5. **bd-14**: Add --resolve-collisions flag and user reporting
   - Add import flags: --resolve-collisions, --dry-run
   - Display clear report with remappings and counts
   - Default: fail on collision (safe)
   - Priority: 1, Type: task

6. **bd-15**: Write comprehensive collision resolution tests
   - Test cases: simple/multiple collisions, dependencies, text refs
   - Edge cases: partial matches, case sensitivity, triple merges
   - Add to import_test.go and collision_test.go
   - Priority: 1, Type: task

7. **bd-16**: Update documentation for collision resolution
   - Update README.md with collision resolution section
   - Update CLAUDE.md with new workflow
   - Document flags and example scenarios
   - Priority: 1, Type: task

### Additional Issue: Add Design Field Support

**NEW ISSUE**: Add design field to bd update command
- Currently: `bd update` doesn't support --design flag (discovered during work)
- Need: Allow updating design, notes, acceptance_criteria fields
- This would make bd-9's design easier to attach to the issue itself
- Priority: 2, Type: feature

## Current State

- bd-9 is in_progress (claimed)
- bd-10 was successfully created (first child issue)
- bd-11+ creation failed with UNIQUE constraint (collision!)
  - This demonstrates the exact problem we're solving
  - Need to manually create remaining issues with different IDs
  - Or implement collision resolution first! (chicken/egg)

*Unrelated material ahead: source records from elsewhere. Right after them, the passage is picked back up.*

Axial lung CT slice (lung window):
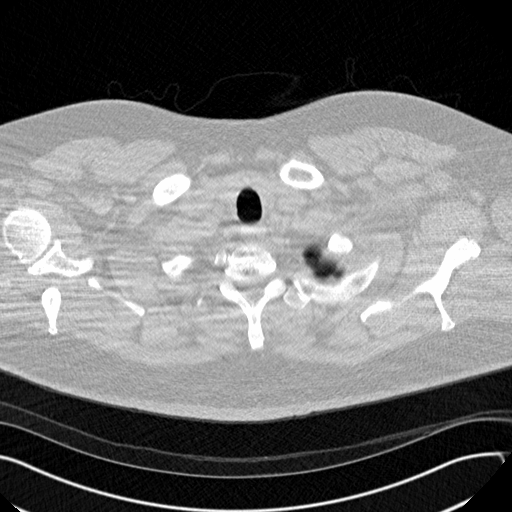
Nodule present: no
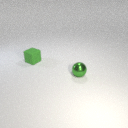
small green metal sphere in front of small green rubber cube
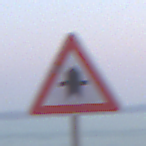
Verkehrszeichen: Vorfahrt
Umgebung: Outdoor, Urban
Tageszeit: SunriseSunset
Wetter: Clear
Licht: Natural
Jahreszeit: NotSpecified
Kontrast: MediumContrast
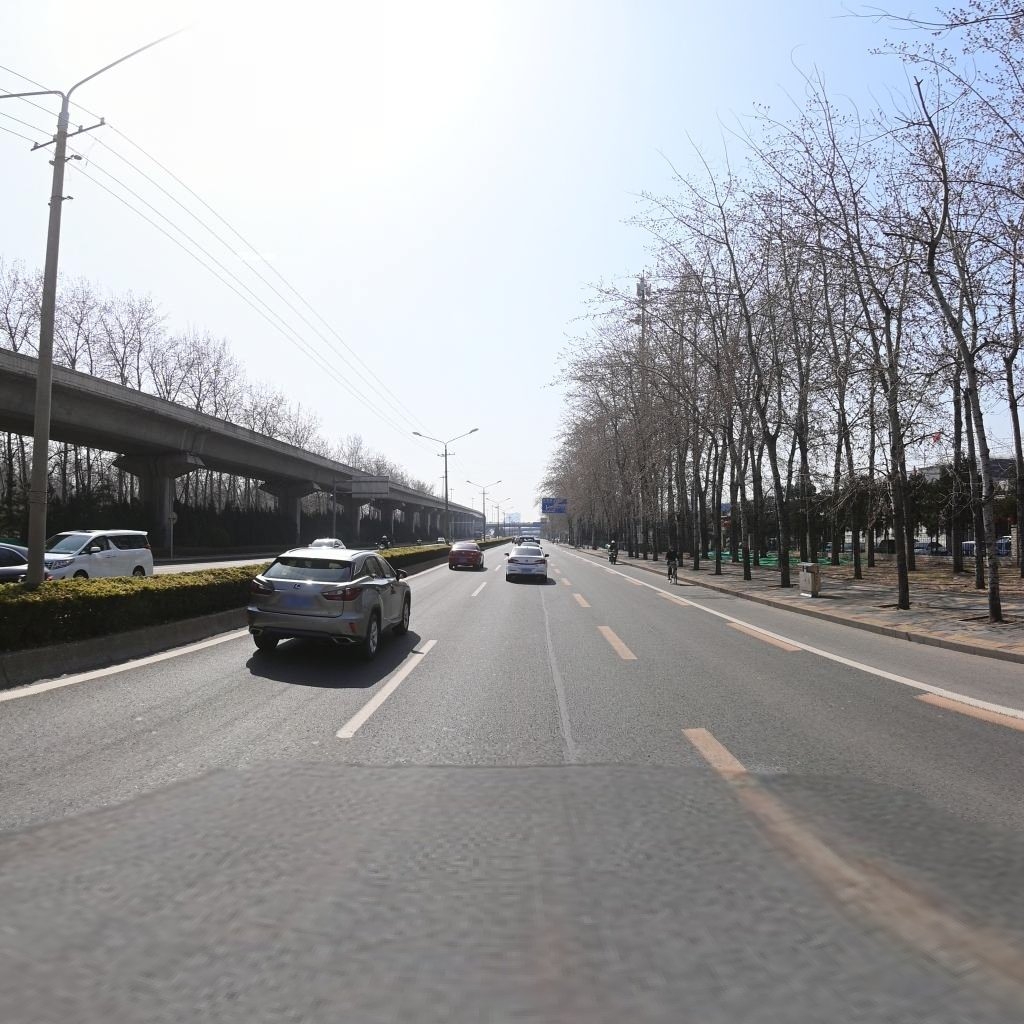
Region: Chaoyang
Road damage annotations: longitudinal patch

## Data Structures Involved

- **Issues table**: id, title, description, design, notes, acceptance_criteria, status, priority, issue_type, assignee, estimated_minutes, created_at, updated_at, closed_at
- **Dependencies table**: issue_id, depends_on_id, type, created_at, created_by
- **Text fields with ID references**: description, design, notes, acceptance_criteria (title too?)

## Files to Modify

1. `cmd/bd/export.go` - Add dependency export
2. `cmd/bd/import.go` - Call collision resolution
3. `cmd/bd/collision.go` - NEW FILE - Core algorithm
4. `cmd/bd/collision_test.go` - NEW FILE - Tests
5. `internal/types/types.go` - May need collision report types
6. `README.md` - Documentation
7. `CLAUDE.md` - AI agent workflow docs

## Next Steps

1. ✅ Design complete
2. 🔄 Create child issues (bd-10 created, bd-11+ need different IDs)
3. ⏳ Implement Phase 1: Export enhancement
4. ⏳ Implement Phase 2-7: Core algorithm
5. ⏳ Tests
6. ⏳ Documentation
7. ⏳ Export issues to JSONL before committing

## Meta: Real Collision Encountered!

While creating child issues, we hit the exact problem:
- bd-10 was created successfully
- bd-11, bd-12, bd-13, bd-14, bd-15, bd-16 all failed with "UNIQUE constraint failed"
- This means the DB already has bd-11+ from a previous session/import
- Perfect demonstration of why we need collision resolution!

Resolution: Create remaining child issues manually with explicit IDs after checking what exists.